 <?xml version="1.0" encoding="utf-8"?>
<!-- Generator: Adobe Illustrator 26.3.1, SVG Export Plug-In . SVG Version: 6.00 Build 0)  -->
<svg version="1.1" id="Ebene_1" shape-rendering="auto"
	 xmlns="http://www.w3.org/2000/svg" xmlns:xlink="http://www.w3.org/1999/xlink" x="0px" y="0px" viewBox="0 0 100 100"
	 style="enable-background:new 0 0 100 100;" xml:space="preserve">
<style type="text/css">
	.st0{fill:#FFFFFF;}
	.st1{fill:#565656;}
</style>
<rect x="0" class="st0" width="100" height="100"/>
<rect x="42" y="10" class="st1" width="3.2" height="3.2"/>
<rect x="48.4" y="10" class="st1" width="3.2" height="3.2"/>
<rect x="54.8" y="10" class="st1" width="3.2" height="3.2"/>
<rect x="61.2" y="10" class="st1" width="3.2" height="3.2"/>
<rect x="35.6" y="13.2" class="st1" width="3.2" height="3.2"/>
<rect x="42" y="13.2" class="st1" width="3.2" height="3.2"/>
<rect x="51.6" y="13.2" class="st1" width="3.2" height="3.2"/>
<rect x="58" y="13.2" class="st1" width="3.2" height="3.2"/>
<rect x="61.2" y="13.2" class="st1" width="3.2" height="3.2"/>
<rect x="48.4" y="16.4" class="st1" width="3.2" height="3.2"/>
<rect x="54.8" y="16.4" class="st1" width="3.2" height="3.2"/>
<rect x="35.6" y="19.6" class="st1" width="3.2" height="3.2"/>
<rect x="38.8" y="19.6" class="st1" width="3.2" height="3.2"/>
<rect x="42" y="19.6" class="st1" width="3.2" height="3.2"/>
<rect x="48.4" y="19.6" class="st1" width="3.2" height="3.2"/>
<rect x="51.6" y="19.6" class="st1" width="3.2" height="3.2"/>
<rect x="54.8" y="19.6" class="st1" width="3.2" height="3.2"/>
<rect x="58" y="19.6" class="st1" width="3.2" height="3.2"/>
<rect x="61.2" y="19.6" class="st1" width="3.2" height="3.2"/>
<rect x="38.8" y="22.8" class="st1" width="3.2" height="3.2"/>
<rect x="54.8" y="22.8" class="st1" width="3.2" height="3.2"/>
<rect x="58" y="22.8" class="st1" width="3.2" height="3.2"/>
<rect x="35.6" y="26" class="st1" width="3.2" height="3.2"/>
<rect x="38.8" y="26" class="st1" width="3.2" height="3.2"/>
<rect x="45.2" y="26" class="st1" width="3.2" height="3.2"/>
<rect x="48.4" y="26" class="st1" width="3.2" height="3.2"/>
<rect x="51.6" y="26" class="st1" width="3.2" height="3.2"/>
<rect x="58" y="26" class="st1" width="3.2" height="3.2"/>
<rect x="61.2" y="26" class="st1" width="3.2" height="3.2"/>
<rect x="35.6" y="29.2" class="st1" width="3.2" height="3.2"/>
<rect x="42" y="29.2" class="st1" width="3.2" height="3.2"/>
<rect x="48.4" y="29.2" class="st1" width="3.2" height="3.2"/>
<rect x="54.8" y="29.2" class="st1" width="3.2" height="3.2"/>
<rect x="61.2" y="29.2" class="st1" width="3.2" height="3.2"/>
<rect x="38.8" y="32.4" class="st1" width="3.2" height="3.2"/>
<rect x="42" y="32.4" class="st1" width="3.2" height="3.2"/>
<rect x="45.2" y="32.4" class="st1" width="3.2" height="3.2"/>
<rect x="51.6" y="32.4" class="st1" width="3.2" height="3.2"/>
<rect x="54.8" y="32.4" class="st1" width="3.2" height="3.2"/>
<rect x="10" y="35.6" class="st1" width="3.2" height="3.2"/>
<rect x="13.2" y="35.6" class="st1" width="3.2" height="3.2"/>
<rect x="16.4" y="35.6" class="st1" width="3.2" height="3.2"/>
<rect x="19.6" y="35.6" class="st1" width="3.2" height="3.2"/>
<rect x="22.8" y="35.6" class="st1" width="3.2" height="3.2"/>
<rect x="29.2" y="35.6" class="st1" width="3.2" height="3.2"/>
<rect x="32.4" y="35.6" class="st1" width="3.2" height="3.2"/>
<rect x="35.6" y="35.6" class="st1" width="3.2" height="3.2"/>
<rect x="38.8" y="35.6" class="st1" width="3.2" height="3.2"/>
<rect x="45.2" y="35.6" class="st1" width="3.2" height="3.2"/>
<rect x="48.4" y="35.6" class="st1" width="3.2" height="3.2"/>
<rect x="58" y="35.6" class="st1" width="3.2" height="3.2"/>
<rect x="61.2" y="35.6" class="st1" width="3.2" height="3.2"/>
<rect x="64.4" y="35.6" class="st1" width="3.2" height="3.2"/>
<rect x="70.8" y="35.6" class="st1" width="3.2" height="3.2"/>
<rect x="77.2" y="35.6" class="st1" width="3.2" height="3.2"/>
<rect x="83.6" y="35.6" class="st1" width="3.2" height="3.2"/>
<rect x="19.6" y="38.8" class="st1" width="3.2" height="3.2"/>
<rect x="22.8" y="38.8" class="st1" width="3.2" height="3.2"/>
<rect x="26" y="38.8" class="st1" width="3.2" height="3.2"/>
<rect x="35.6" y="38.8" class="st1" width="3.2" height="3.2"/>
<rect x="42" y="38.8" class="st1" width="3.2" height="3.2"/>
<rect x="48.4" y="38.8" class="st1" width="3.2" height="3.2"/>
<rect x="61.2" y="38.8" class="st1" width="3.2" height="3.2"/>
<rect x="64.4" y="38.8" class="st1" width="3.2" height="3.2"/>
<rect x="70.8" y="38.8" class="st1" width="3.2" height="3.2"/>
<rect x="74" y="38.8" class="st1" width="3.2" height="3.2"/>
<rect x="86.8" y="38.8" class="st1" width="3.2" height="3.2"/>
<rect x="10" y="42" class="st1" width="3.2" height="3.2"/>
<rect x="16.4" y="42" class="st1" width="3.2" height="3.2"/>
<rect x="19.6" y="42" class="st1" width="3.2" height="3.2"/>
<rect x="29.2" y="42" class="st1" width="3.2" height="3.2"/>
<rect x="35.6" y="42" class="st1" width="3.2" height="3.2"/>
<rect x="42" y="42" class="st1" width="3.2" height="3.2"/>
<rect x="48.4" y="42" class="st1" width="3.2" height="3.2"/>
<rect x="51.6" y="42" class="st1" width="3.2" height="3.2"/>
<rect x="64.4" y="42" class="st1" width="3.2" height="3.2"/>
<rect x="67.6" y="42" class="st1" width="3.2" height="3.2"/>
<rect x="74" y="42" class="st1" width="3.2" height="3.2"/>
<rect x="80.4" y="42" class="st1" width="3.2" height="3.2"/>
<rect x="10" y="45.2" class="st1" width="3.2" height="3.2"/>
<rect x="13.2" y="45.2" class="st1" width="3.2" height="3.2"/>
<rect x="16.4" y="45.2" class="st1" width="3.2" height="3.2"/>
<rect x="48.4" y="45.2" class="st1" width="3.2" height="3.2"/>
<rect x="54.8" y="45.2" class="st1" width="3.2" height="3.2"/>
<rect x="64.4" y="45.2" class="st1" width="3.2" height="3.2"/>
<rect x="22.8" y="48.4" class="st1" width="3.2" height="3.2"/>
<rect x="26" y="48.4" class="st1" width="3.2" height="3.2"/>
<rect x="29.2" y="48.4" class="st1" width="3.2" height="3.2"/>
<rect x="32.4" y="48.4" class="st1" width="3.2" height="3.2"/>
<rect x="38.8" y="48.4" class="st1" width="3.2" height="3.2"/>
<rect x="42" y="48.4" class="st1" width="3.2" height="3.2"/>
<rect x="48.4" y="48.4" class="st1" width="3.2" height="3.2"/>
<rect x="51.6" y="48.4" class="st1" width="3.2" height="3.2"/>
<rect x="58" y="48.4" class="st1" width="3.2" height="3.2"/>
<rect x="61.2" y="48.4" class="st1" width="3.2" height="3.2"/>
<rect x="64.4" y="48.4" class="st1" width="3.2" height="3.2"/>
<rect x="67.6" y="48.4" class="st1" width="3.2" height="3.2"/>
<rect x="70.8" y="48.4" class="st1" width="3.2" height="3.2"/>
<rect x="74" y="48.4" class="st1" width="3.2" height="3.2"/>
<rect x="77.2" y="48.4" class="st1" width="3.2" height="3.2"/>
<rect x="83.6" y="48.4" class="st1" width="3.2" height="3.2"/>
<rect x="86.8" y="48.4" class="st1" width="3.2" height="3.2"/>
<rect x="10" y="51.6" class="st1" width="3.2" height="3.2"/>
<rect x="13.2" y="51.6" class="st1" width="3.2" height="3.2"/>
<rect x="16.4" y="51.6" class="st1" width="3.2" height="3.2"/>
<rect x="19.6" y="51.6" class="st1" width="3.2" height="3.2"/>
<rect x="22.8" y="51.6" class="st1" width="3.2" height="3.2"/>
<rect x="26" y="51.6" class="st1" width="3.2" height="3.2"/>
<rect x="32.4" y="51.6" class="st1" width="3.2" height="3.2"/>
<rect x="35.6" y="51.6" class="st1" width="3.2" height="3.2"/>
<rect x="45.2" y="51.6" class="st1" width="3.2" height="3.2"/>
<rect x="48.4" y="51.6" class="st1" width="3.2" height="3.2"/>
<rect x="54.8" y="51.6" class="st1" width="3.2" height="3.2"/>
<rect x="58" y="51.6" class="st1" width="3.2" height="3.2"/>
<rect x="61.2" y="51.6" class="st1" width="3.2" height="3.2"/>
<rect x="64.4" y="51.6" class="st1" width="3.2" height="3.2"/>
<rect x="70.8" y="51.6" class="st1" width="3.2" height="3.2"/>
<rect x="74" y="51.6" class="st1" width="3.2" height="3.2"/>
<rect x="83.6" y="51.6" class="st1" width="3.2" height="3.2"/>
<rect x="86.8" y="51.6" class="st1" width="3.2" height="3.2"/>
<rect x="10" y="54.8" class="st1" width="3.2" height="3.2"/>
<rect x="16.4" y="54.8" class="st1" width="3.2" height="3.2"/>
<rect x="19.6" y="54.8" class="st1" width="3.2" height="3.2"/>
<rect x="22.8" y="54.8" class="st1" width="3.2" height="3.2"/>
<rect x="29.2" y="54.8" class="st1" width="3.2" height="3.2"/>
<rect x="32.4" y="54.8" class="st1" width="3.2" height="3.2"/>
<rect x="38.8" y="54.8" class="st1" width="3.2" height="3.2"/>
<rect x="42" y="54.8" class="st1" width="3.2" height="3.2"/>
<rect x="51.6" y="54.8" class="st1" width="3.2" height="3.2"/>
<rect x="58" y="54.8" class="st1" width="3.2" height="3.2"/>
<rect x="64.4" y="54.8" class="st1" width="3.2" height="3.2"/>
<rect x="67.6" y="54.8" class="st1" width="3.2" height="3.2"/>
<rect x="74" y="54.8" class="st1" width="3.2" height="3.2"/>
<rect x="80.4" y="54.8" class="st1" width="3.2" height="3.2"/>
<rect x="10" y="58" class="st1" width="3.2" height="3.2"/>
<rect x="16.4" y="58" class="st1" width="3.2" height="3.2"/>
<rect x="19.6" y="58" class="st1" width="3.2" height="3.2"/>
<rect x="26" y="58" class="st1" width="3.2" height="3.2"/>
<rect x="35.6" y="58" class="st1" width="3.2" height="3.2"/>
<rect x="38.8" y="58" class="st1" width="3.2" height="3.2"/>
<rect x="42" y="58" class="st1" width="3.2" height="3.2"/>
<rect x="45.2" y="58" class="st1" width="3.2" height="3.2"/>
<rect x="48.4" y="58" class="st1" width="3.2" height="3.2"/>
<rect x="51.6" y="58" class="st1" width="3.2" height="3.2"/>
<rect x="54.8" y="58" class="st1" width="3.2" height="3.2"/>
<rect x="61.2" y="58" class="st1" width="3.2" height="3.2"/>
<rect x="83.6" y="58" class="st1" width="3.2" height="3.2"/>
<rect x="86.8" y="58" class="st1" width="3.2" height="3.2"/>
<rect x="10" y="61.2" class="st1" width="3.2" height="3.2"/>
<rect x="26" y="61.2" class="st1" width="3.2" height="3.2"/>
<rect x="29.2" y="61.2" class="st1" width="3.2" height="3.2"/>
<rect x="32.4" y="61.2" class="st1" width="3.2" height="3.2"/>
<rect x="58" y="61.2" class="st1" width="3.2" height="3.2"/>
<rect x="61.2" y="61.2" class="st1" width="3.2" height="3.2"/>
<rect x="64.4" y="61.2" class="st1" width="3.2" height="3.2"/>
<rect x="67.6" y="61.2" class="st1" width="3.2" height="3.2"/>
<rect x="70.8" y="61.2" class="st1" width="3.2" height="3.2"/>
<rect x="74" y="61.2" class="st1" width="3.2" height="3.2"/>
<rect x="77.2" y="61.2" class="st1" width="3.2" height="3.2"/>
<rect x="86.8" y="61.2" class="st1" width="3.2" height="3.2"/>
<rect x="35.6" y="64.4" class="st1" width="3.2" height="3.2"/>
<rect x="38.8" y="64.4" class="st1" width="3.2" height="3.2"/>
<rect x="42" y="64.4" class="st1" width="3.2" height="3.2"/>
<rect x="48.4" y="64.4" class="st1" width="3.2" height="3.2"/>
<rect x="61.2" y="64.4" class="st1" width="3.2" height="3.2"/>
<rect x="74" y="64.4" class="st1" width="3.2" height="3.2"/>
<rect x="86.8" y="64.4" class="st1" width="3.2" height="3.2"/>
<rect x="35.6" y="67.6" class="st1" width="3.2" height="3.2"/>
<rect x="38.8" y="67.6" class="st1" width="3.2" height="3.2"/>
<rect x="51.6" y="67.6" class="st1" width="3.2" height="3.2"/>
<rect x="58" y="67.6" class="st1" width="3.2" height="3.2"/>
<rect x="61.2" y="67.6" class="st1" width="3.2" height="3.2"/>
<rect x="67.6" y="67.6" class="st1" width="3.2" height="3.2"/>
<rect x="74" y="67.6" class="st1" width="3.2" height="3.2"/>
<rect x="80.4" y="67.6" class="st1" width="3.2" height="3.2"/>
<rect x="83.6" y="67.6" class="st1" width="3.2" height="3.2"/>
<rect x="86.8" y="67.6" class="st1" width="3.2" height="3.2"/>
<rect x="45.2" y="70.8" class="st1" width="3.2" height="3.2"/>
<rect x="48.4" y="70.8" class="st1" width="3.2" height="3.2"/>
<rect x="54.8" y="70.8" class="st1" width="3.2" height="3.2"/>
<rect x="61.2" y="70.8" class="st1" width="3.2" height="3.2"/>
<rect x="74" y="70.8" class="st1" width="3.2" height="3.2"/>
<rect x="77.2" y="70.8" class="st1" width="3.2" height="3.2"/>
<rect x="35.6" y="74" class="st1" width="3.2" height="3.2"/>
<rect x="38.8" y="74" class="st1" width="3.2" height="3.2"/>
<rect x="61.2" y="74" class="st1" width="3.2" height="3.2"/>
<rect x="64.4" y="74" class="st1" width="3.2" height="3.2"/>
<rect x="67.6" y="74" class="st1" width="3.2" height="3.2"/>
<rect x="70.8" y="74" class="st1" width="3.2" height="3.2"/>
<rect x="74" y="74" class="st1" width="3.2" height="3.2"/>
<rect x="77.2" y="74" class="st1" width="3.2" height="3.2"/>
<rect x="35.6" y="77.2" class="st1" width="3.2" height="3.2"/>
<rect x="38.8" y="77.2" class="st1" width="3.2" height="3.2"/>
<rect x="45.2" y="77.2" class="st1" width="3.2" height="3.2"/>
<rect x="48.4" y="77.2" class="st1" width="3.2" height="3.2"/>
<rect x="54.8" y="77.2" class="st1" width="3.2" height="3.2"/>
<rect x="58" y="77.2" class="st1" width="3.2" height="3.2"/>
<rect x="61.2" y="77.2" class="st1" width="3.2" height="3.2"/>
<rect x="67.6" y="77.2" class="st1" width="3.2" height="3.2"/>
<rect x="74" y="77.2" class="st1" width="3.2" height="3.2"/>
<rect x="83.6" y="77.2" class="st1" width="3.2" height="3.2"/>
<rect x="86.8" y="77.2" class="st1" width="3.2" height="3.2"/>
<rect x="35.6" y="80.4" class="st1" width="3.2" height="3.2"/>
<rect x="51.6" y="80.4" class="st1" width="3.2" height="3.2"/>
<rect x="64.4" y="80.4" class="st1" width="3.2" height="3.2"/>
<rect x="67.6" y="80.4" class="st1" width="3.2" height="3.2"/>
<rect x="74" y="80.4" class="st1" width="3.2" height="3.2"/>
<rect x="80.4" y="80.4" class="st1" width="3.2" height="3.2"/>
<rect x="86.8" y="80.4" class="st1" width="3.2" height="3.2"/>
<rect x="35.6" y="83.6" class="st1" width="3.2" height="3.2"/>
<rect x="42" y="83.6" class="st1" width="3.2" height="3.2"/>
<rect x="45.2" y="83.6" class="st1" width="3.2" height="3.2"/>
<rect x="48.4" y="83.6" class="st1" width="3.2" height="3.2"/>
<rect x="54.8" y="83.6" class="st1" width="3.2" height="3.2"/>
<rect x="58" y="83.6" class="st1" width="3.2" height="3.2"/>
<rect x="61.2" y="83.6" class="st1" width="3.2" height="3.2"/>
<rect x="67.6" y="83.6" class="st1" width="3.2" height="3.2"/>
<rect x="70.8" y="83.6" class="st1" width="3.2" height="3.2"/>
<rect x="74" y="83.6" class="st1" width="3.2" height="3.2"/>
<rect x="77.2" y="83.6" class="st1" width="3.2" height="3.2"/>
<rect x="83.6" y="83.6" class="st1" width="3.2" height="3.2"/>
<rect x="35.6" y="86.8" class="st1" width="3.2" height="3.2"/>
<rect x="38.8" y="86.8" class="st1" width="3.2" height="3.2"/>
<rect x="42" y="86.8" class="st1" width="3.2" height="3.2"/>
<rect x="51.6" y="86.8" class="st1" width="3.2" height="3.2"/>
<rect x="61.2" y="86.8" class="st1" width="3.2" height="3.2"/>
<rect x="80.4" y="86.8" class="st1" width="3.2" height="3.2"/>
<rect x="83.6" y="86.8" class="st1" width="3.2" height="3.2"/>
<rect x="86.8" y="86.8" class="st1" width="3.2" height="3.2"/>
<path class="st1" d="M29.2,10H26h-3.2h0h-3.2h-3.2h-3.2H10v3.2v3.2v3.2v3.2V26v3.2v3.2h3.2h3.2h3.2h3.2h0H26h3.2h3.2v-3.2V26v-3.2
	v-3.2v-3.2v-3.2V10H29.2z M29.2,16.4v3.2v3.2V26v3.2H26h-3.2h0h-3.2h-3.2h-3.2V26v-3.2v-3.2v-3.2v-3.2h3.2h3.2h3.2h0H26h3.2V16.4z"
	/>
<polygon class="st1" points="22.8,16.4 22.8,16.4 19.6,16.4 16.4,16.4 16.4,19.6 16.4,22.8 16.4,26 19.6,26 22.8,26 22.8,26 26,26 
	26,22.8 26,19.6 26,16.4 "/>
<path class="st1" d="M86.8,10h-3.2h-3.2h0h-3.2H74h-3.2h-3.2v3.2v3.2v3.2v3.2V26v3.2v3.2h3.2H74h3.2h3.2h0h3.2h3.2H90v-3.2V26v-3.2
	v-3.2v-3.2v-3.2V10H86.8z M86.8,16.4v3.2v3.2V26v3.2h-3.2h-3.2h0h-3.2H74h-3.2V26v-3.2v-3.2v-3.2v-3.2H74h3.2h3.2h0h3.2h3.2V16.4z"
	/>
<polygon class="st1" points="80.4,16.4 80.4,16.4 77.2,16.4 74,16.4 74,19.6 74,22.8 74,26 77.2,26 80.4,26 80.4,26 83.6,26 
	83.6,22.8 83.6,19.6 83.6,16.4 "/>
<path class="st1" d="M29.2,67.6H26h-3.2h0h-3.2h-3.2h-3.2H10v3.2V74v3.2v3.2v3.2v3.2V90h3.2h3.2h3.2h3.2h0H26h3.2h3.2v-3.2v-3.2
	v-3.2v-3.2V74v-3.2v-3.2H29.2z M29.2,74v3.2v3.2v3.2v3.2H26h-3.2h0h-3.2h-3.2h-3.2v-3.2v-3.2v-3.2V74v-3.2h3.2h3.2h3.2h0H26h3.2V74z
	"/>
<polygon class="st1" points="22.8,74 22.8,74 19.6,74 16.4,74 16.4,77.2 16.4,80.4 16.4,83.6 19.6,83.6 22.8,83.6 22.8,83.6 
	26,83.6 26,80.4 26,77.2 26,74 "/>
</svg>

____

Instructions to follow: The string "path" appears in some lines of the material. Report how many, and nothing more.

Written answer: 3